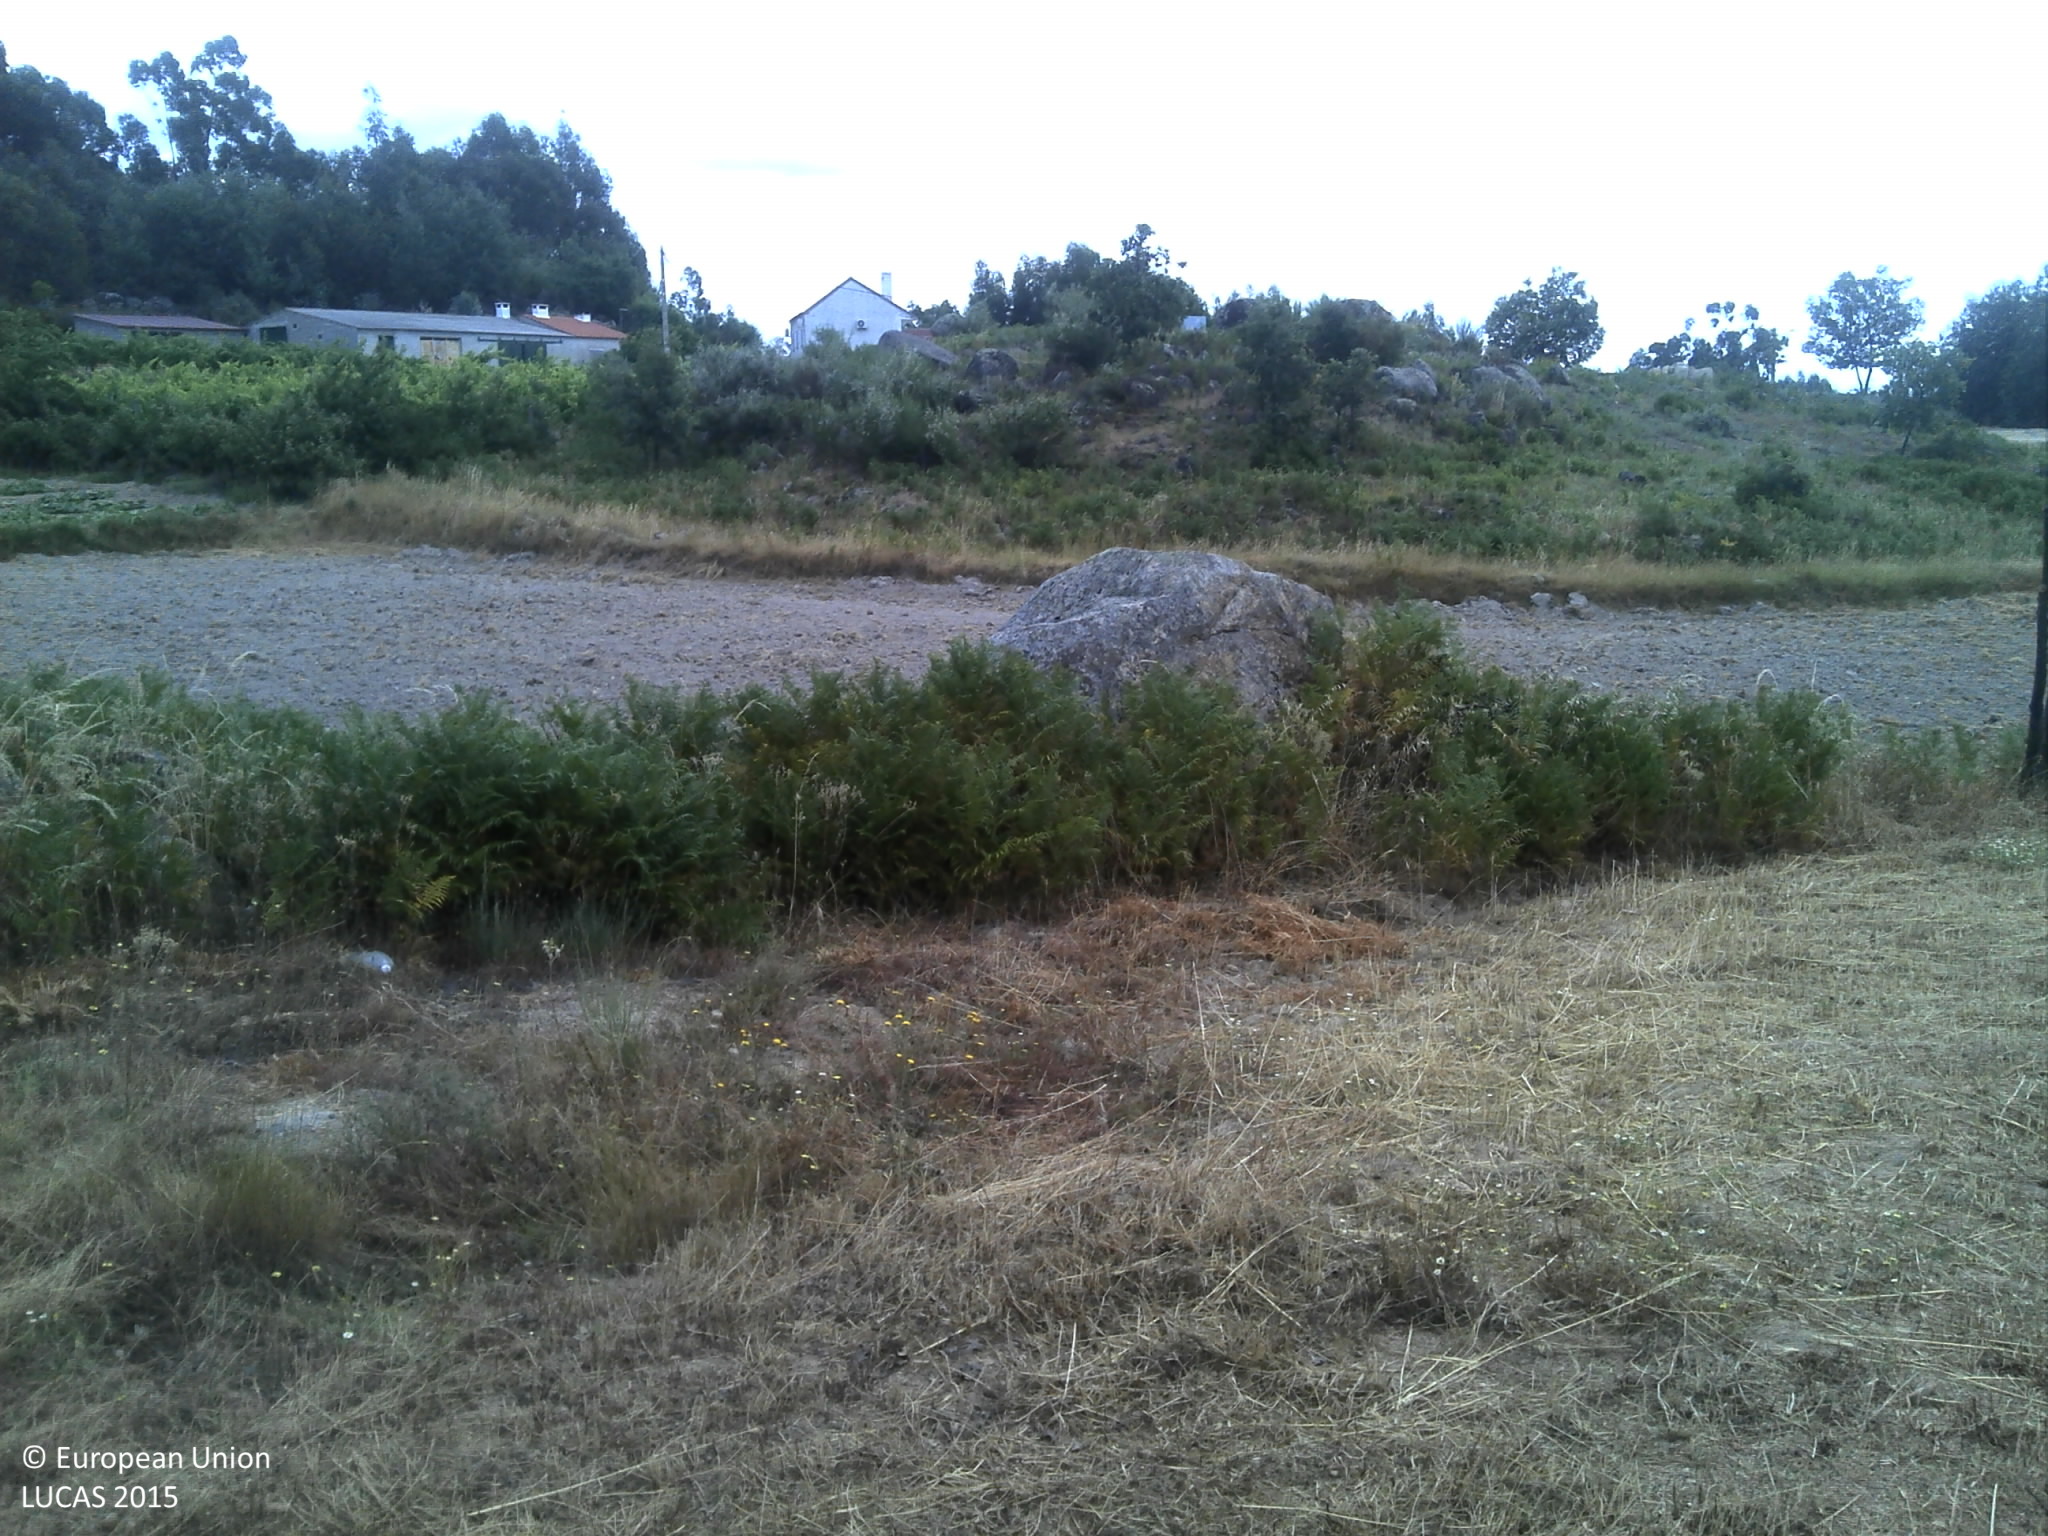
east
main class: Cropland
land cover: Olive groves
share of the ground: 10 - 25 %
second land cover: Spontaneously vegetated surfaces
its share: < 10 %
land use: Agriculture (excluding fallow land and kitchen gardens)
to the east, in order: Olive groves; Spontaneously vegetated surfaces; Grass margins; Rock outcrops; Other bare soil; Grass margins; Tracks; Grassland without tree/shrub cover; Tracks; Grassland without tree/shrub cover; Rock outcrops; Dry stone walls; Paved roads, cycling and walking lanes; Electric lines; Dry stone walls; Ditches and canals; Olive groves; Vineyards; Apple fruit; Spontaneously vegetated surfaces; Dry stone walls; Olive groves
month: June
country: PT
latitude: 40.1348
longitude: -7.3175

┄┄┄┄┄┄┄┄┄┄

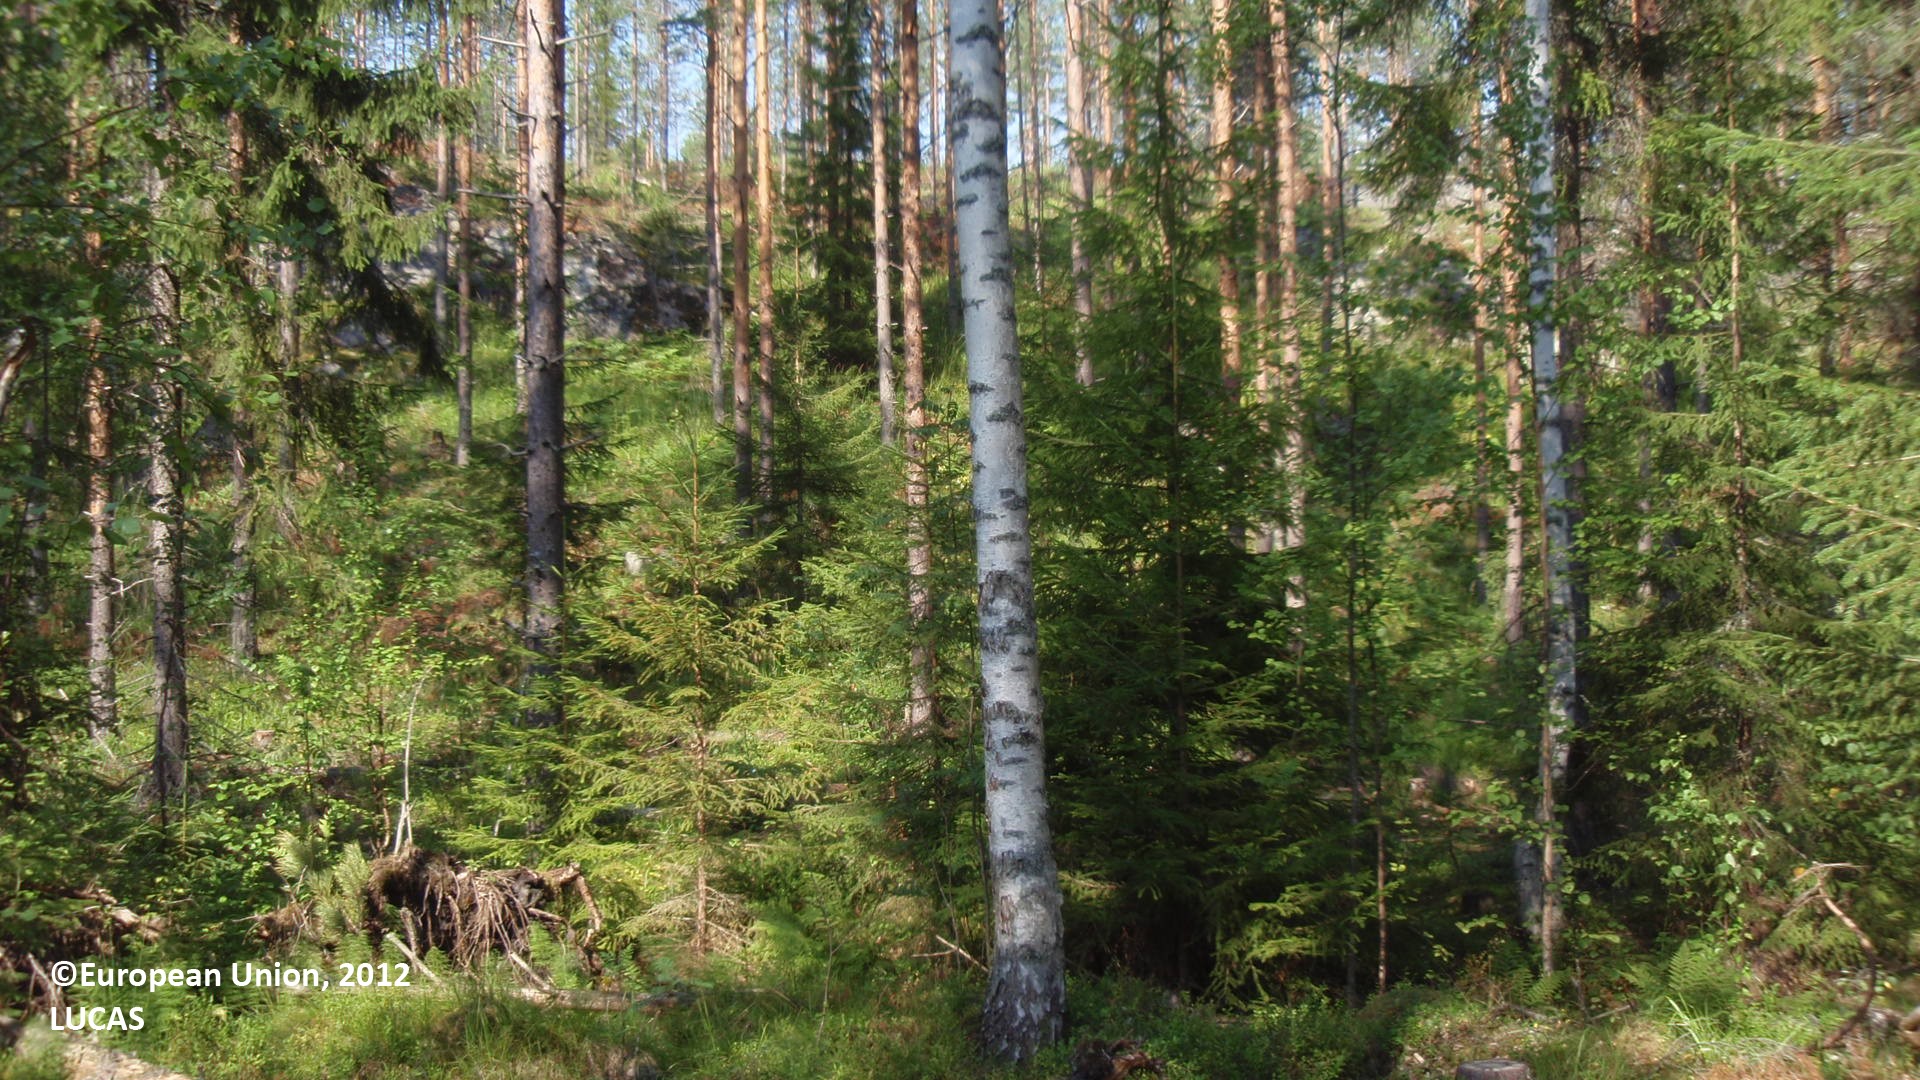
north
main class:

┄┄┄┄┄┄┄┄┄┄

* _What to work on_: From the line holding "to the east, in" to the line holding "longitude: -7.3175", inclusive, restate each line above exactly as written.

* _Expected answer_:
to the east, in order: Olive groves; Spontaneously vegetated surfaces; Grass margins; Rock outcrops; Other bare soil; Grass margins; Tracks; Grassland without tree/shrub cover; Tracks; Grassland without tree/shrub cover; Rock outcrops; Dry stone walls; Paved roads, cycling and walking lanes; Electric lines; Dry stone walls; Ditches and canals; Olive groves; Vineyards; Apple fruit; Spontaneously vegetated surfaces; Dry stone walls; Olive groves
month: June
country: PT
latitude: 40.1348
longitude: -7.3175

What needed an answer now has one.